Spiced Roast Chicken

Spiced Roast Chicken  Recipe

While a whole roast chicken is a wonderful thing, it does involve post-cooking cutting it up, which can be a little daunting. Buying chicken already cut into parts allows you to pick the pieces or assortment of pieces your family likes, takes less cooking time, and cuts out that pesky carving step. Yet you still get the wonderful qualities of roasting: the juiciness, the moistness, the tenderness, the flavor. This recipe may call for a higher heat than you usually use, but that’s how to get that amazing crispy skin (which you can pull off, if you wish, you model of self-restraint you, but do it after the chicken is cooked). You’ll need to buy skin-on, bone-in chicken; that’s the key. Other than that, thighs, breasts, drumsticks, even whole legs or chicken halves are fair game (ha! I didn’t even see that one coming). You can rub the chicken with any of the rubs a day ahead; this allows the seasonings to permeate the meat.

What the Kids Can Do Note: They can help measure the ingredients for any of the rubs, and if your kids aren’t grossed out by the prospect, they can rub the rubs onto the chicken. Follow this by a lengthy hand washing in warm, soapy water (and a reminder not to stick their hands in their mouths until after the soapy water bit).–Katie Workman

LC Dinner on the Double, er, Triple Note

Nothing against a whole roast chicken, although as Katie Workman explains above, roasting these here chicken parts is slightly quicker and, arguably, a little easier. In addition being dinner on the double, it’s also eminently customizable, enabling you to draw on any–or all–of these spice rubs, even going so far as to reach for each family member’s favorite for their portion. Dinner on the triple, actually. Seeing as how the rubs keep almost indefinitely, you may as well mix up a big batch of each and keep them within weeknight reach.

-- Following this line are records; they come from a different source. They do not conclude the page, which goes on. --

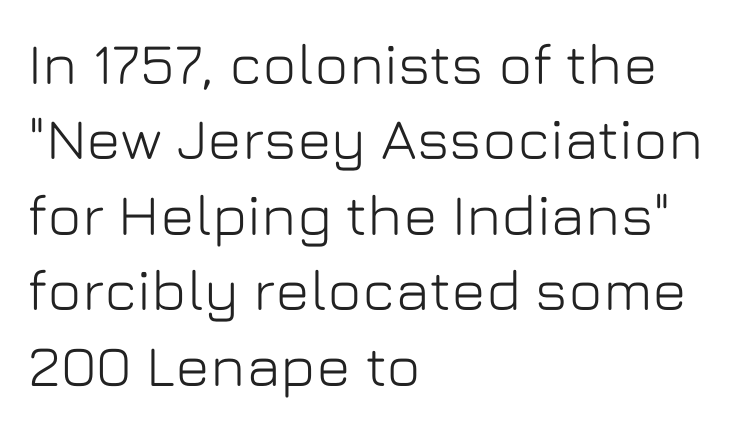
{"serif": "no", "italic": "no", "width": "normal", "stroke_contrast": "low", "x_height": "medium", "monospaced": "no", "underline": "no", "align": "left", "line_spacing": "normal", "line_spacing_ratio": 1.3, "letter_spacing": "normal", "letter_spacing_em": 0.0, "glyph_px": 58}
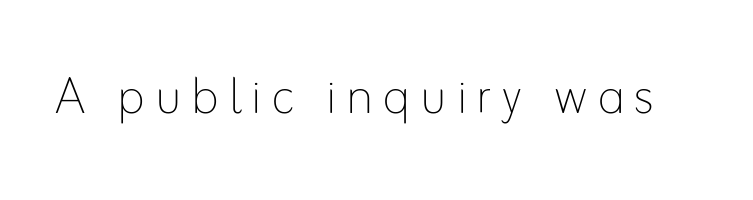
{"italic": "no", "bold": "no", "weight": "thin", "width": "normal", "stroke_contrast": "low", "x_height": "small", "monospaced": "no", "underline": "no", "glyph_px": 64}
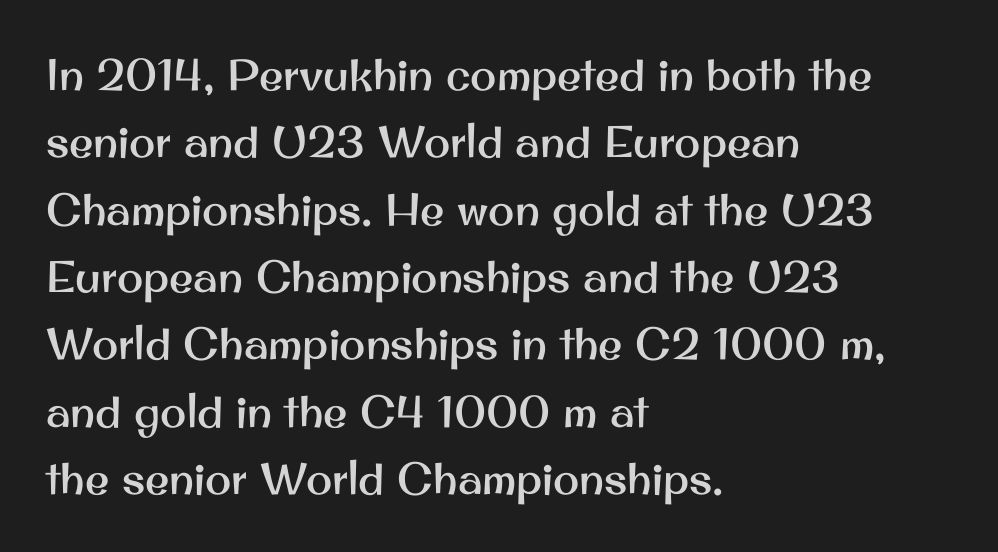
The image shows 44 px sans-serif type, upright; set left-aligned, normal line spacing (1.53x), normal letter spacing, not underlined; medium stroke contrast and a small x-height.
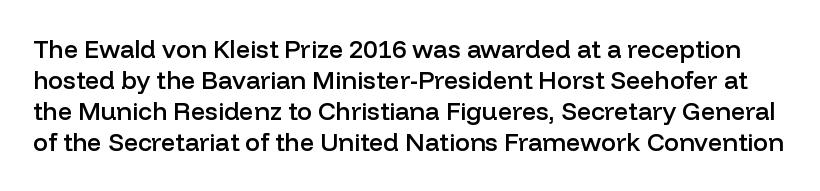
There is no visible air inserted between adjacent glyphs. This is the in-between weight designers call semibold or demi. Is there any slant? The stems are plumb. No word sits above an underline.

Spiced Roast Chicken Recipe

  • Quick Glance
  • 15 M
  • 1 H
  • Serves 4


  • For the spiced Cajun rub
  • 1 teaspoon garlic powder
  • 2 teaspoons onion powder
  • 2 teaspoons dried thyme
  • 2 teaspoons dried oregano (optional)
  • 2 teaspoons sweet paprika
  • 1/4 teaspoon cayenne pepper
  • 1 teaspoon kosher or coarse salt
  • 1/4 teaspoon freshly ground black pepper
  • For the warm spice rub
  • 2 tablespoons sweet paprika
  • 2 teaspoons ground ginger
  • 2 teaspoons ground cinnamon
  • 1 teaspoon kosher or coarse salt
  • 1/4 teaspoon cayenne pepper
  • For the spiced curry rub
  • 4 teaspoons curry powder
  • 4 teaspoons chili powder
  • 1 teaspoon ground cumin
  • 1 teaspoon ground allspice
  • 1 teaspoon ground cinnamon
  • 1/2 teaspoon kosher or coarse salt
  • For the chicken
  • 1 whole (about 4 pounds) chicken, cut into 8 pieces, or about 4 pounds skin-on, bone-in chicken parts
  • 2 tablespoons olive oil, plus more for the baking sheet (optional)
  • Coarse salt and freshly ground black pepper (optional)


  • Make a rub
  • 1. Combine all the ingredients for the rub of your choice in a small bowl.
  • Make the chicken
  • 2. Preheat the oven to 425°F (218°C) and adjust the oven rack to the lower third of the oven. Lightly coat a large rimmed baking sheet with olive oil.
  • 3. Place the chicken in a large bowl, drizzle with the olive oil, and rub each piece, using your hands to ensure each piece is coated evenly. Sprinkle the chicken with the salt and pepper, if desired, or a rub and again rub with your hands to coat each piece evenly. (You can cover and refrigerate the chicken pieces for up to 24 hours.) Arrange the chicken pieces on the baking sheet, skin side up, spacing them an inch or so apart.
  • 4. Roast the chicken until cooked through and the juices run clear when you cut into a piece with the tip of a sharp knife, 35 to 50 minutes, depending on the thickness of the pieces. Dark meat will take longer to cook than white meat. If you want to test the chicken for doneness using an instant-read thermometer, an internal temperature of 165°F (74°C) for both chicken breasts and dark meat is recommended. Remember, though, that the chicken will continue to cook slightly more after it is removed from the oven, particularly if it sits on the baking sheet. If the skin needs more crisping to be to your liking, simply run the chicken under the broiler for a few minutes. Let the chicken rest for at least 5 minutes before serving so the juices can regroup. The chicken is quite nice whether served hot, warm, or cold.